• WHAT IS BEING ASKED: With the images set aside, retype every record below character for character.

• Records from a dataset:
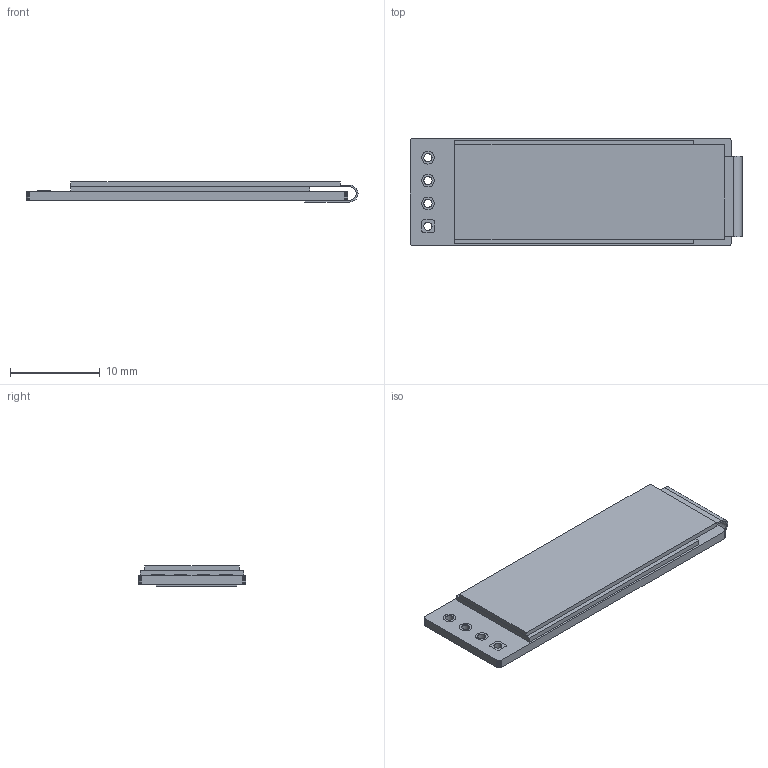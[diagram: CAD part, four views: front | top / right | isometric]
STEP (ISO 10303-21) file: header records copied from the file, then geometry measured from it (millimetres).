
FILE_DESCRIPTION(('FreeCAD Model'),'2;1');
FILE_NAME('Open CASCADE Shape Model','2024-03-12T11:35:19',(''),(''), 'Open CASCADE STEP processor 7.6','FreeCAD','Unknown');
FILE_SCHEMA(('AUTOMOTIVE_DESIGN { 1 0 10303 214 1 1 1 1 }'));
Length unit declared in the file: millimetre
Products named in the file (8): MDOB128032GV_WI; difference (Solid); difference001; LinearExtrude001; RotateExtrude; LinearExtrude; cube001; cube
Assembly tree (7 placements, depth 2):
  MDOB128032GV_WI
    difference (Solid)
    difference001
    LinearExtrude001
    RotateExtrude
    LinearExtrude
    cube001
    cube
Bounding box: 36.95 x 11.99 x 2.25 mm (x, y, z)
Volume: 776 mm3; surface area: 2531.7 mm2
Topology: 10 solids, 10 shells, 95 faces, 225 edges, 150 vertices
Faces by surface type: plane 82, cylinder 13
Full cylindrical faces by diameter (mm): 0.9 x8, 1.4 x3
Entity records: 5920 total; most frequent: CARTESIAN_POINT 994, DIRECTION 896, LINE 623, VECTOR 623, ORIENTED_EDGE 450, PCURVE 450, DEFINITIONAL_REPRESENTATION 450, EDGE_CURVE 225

• EXERCISE RESPONSE:
[diagram: CAD part, four views: front | top / right | isometric]
STEP (ISO 10303-21) file: header records copied from the file, then geometry measured from it (millimetres).
FILE_DESCRIPTION(('FreeCAD Model'),'2;1');
FILE_NAME('Open CASCADE Shape Model','2024-03-12T11:35:19',(''),(''), 'Open CASCADE STEP processor 7.6','FreeCAD','Unknown');
FILE_SCHEMA(('AUTOMOTIVE_DESIGN { 1 0 10303 214 1 1 1 1 }'));
Length unit declared in the file: millimetre
Products named in the file (8): MDOB128032GV_WI; difference (Solid); difference001; LinearExtrude001; RotateExtrude; LinearExtrude; cube001; cube
Assembly tree (7 placements, depth 2):
  MDOB128032GV_WI
    difference (Solid)
    difference001
    LinearExtrude001
    RotateExtrude
    LinearExtrude
    cube001
    cube
Bounding box: 36.95 x 11.99 x 2.25 mm (x, y, z)
Volume: 776 mm3; surface area: 2531.7 mm2
Topology: 10 solids, 10 shells, 95 faces, 225 edges, 150 vertices
Faces by surface type: plane 82, cylinder 13
Full cylindrical faces by diameter (mm): 0.9 x8, 1.4 x3
Entity records: 5920 total; most frequent: CARTESIAN_POINT 994, DIRECTION 896, LINE 623, VECTOR 623, ORIENTED_EDGE 450, PCURVE 450, DEFINITIONAL_REPRESENTATION 450, EDGE_CURVE 225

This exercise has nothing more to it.